Create a Growth Environment for the People You Lead
The average person will try to pull down anyone around him who is working to rise above average. The road to success is uphill all the way, and most people are not willing to pay the price. Many people would rather deal with old problems than find new solutions. To be a lifelong learner, you had to get out of a stagnant environment and distance yourself from people who had no desire to grow. You sought out places where growth was valued and people were growing. It helped you to change and grow especially in the beginning of your journey.
If you are investing in yourself and have adopted the attitude of a continual learner, you may think you’ve done all you need to do in the area of personal growth. But as a leader, you have one more responsibility. You need to create a positive growth environment for the people you lead.
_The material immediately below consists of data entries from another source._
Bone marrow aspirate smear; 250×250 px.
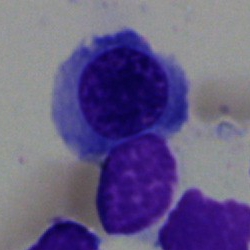 Specimen: bone marrow aspirate smear.
Cell: nucleated red blood cell.
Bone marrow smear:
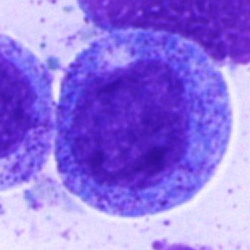 This is a promyelocyte.
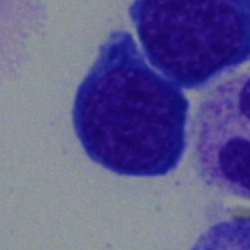

An erythroblast on a bone marrow smear.
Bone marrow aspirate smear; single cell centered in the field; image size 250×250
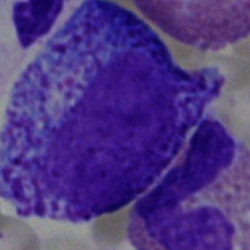
Cell — promyelocyte.
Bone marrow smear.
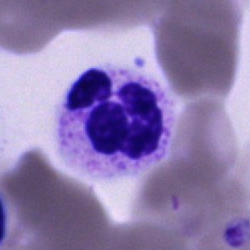
{"cell_type": "polymorphonuclear neutrophil", "lineage": "myeloid"}
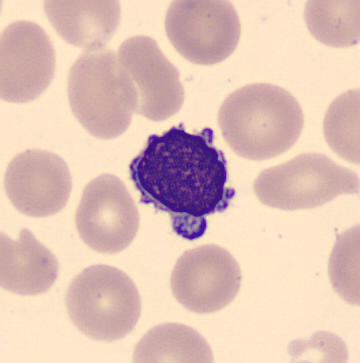Morphology consistent with a typical lymphocyte. Preparation: 360×363. Peripheral blood smear. May-Grünwald-Giemsa-stained.
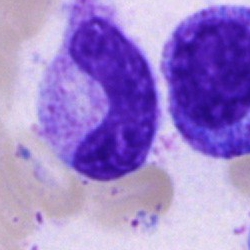

A band neutrophil.
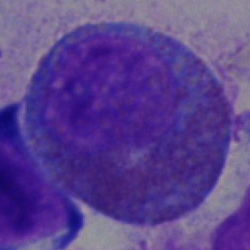

Morphological class: eosinophilic granulocyte.
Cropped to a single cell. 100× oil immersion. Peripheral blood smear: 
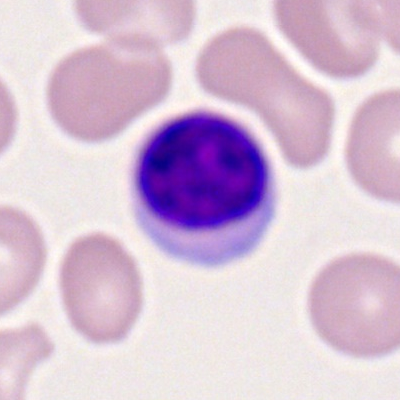
Cell type: typical lymphocyte.
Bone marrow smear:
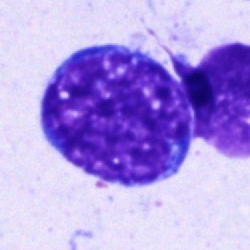Specimen: bone marrow aspirate smear.
Classification: undifferentiated blast.
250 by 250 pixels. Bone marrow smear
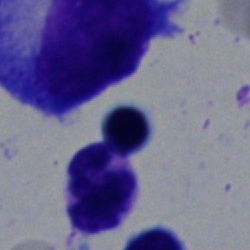
The cell type is neutrophil (segmented).
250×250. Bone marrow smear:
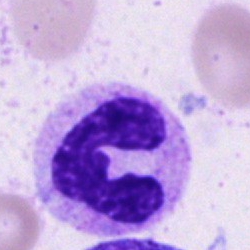

Segmented neutrophil.
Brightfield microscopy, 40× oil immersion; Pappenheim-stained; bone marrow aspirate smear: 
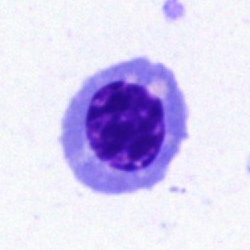
This is a nucleated red blood cell.
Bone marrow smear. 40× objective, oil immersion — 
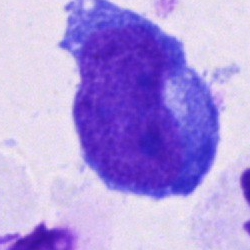 The classification is blast.
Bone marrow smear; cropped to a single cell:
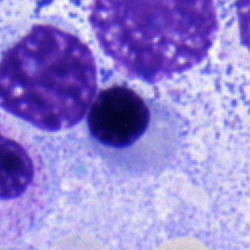
Classification: erythroblast.
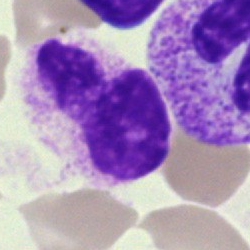

Q: Which cell type is shown here?
A: This is a cell of indeterminate lineage.
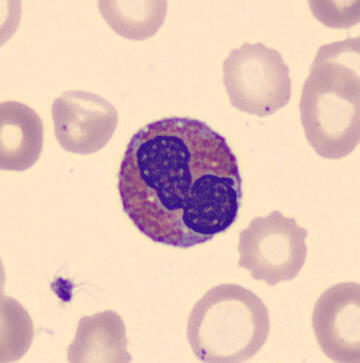An eosinophil on a peripheral blood smear.
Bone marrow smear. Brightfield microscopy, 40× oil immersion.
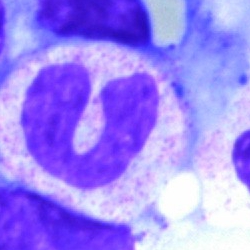{"cell_type": "neutrophil (band)"}
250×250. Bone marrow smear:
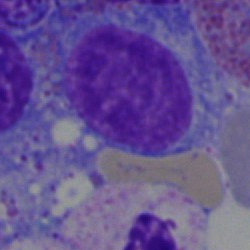Morphological class = lymphocyte.
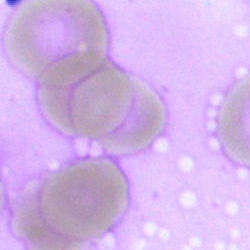 Bone marrow aspirate smear, single cell — artefact.
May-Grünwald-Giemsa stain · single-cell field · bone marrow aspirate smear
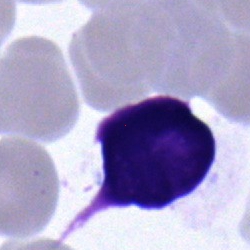 Impression → lymphocyte.
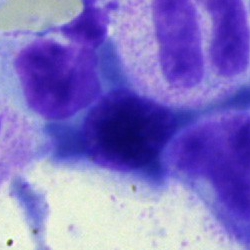

Specimen: bone marrow aspirate smear.
Classification: normoblast.
Lineage: erythroid.
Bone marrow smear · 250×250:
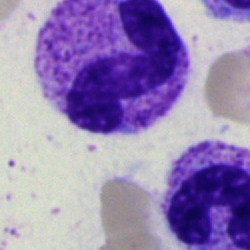
Single cell identified as a neutrophil (segmented).
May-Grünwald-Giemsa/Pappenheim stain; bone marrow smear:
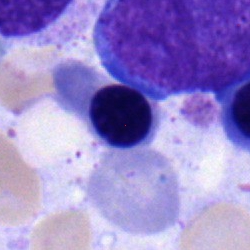

{"cell_type": "nucleated red blood cell", "lineage": "erythroid"}
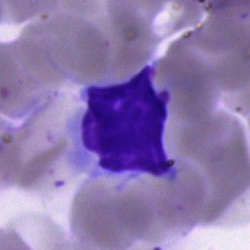

Q: What is shown here?
A: It is an artefact.
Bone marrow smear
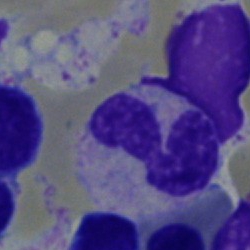 Q: What cell is this?
A: Band-form neutrophil.
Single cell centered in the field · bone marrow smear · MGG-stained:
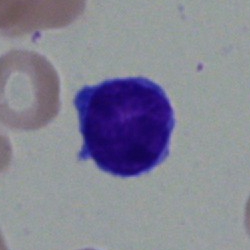 Q: What is shown here?
A: Lymphocyte.
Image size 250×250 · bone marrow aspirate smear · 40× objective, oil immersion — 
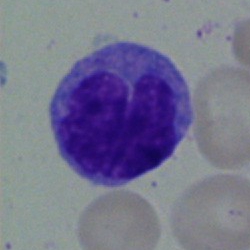 The morphological class is monocyte.
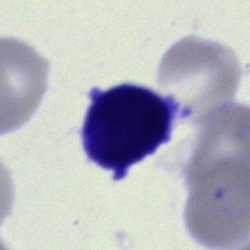Bone marrow aspirate smear, single cell — lymphocyte.
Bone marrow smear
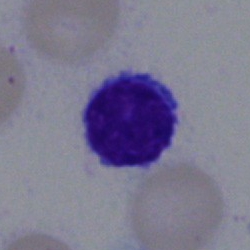

Classification: typical lymphocyte.
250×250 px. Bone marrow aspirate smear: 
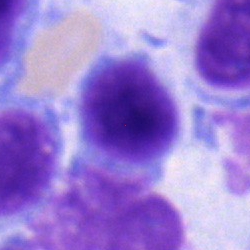Cell: lymphocyte.
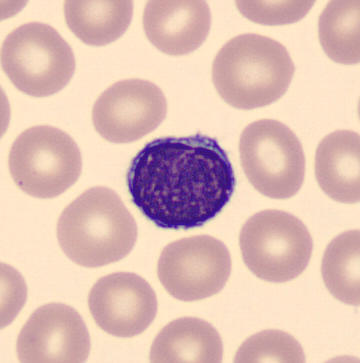
Peripheral blood film. Single cell centered in the field.

Single cell identified as a typical lymphocyte.
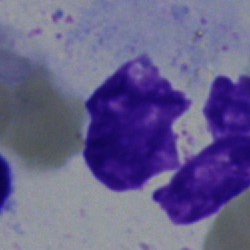Morphological class: artefact.
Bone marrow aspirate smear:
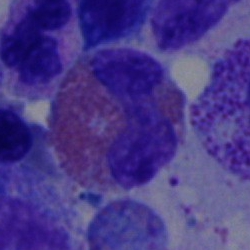Eosinophil.
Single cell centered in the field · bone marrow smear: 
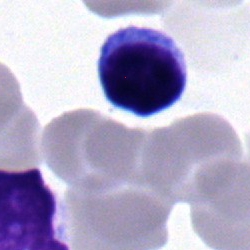
Q: What type of cell is this?
A: A lymphocyte.
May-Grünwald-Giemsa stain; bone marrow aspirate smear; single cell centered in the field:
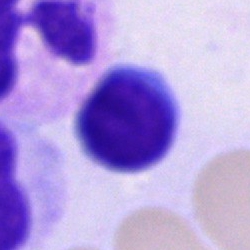

Morphological class = typical lymphocyte.
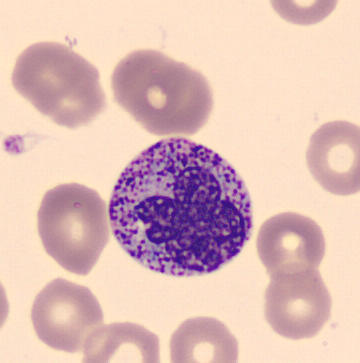 Peripheral blood film, single cell — metamyelocyte.
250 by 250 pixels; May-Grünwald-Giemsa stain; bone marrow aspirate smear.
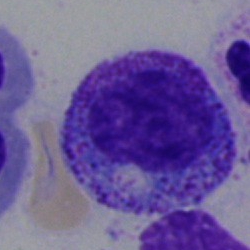

Q: Which cell type is shown here?
A: It is a progranulocyte.
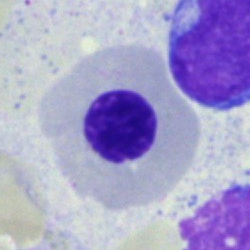Bone marrow smear showing a nucleated red cell.
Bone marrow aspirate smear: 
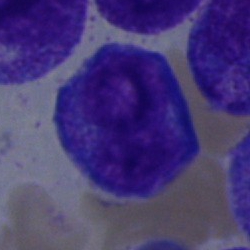 Q: Which cell type is shown here?
A: A promyelocyte.
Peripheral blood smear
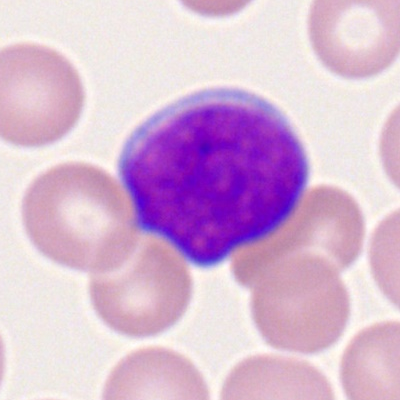 Showing a myeloblast.
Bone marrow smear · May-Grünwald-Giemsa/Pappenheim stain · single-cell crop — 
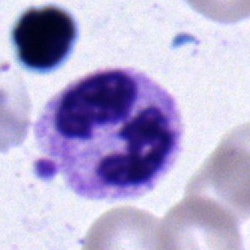
Q: Identify the cell.
A: Polymorphonuclear neutrophil.
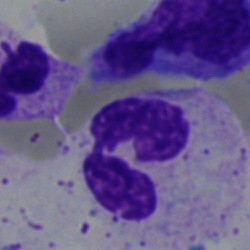Morphology consistent with a polymorphonuclear neutrophil.
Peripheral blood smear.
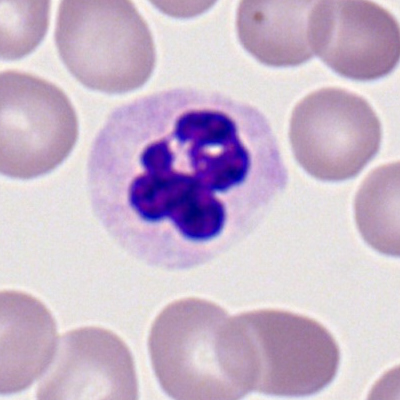 {"cell_type": "neutrophil (segmented)", "lineage": "myeloid"}
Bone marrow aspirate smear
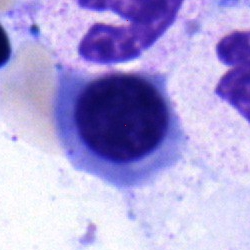An erythroblast.
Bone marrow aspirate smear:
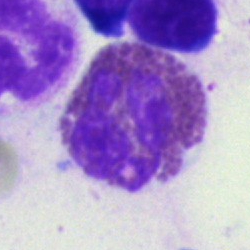The cell type is basophilic granulocyte.
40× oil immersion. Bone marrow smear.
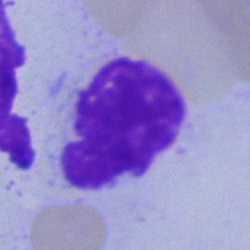

Cell — artifact.
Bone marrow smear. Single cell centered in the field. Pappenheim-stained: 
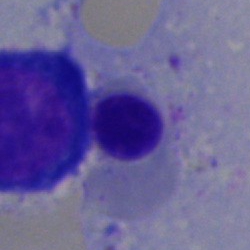
Q: Which cell type is shown here?
A: An erythroblast.
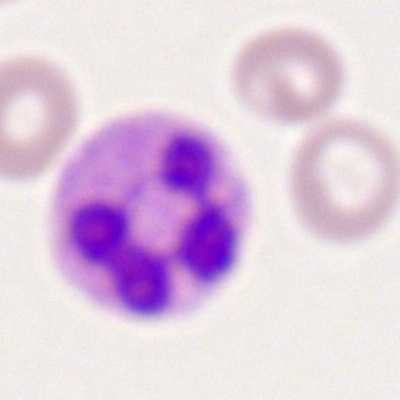
Polymorphonuclear neutrophil.
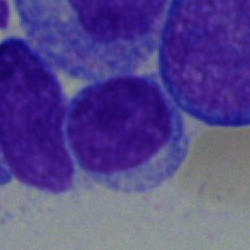Q: What is shown here?
A: A typical lymphocyte.
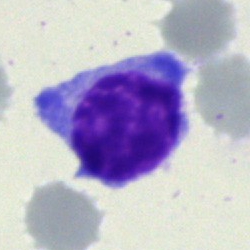 Typical lymphocyte.
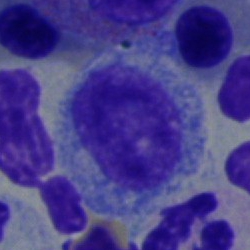
The cell shown is a myelocyte.
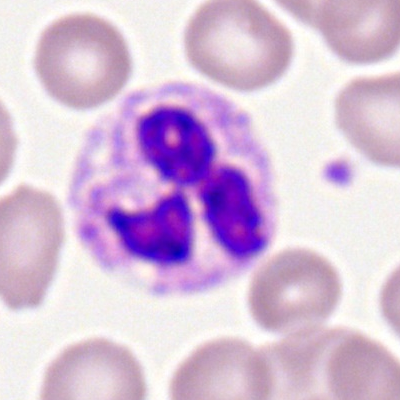The cell shown is a segmented neutrophil.
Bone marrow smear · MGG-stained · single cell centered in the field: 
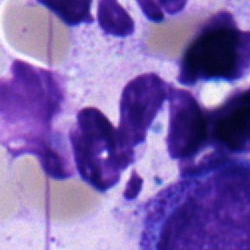
This is a segmented neutrophil.
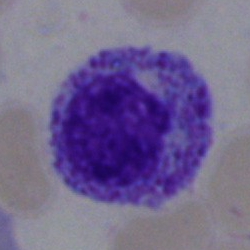
Single cell identified as a myelocyte.
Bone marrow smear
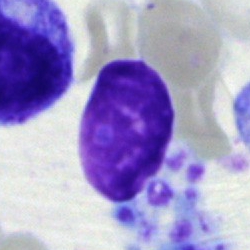

Specimen: bone marrow aspirate smear.
Morphological class: artefact.
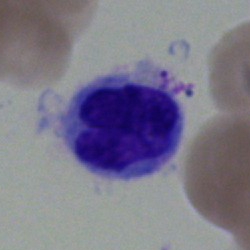 Bone marrow aspirate smear, single cell — monocyte.
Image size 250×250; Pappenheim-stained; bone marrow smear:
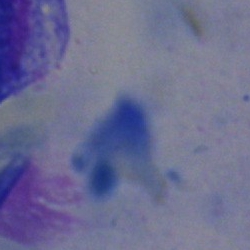Morphology consistent with an artifact.

If you don’t, the people in your organization who want to grow will find it difficult to do so, and they will eventually seek out other opportunities.
What does a growth environment look like? I believe it has ten characteristics. It is a place where the following things occur:
- Others are ahead of you.
- You are continually challenged.
- Your focus is forward.
- The atmosphere is affirming.
- You are often out of your comfort zone.
- You wake up excited.
- Failure is not your enemy.
- Others are growing.
- People desire change.
- Growth is modeled and expected.
If you can create a growth environment, not only will the people in your organization grow and improve, but people with great potential will knock down your doors to become part of your team! It will transform your organization.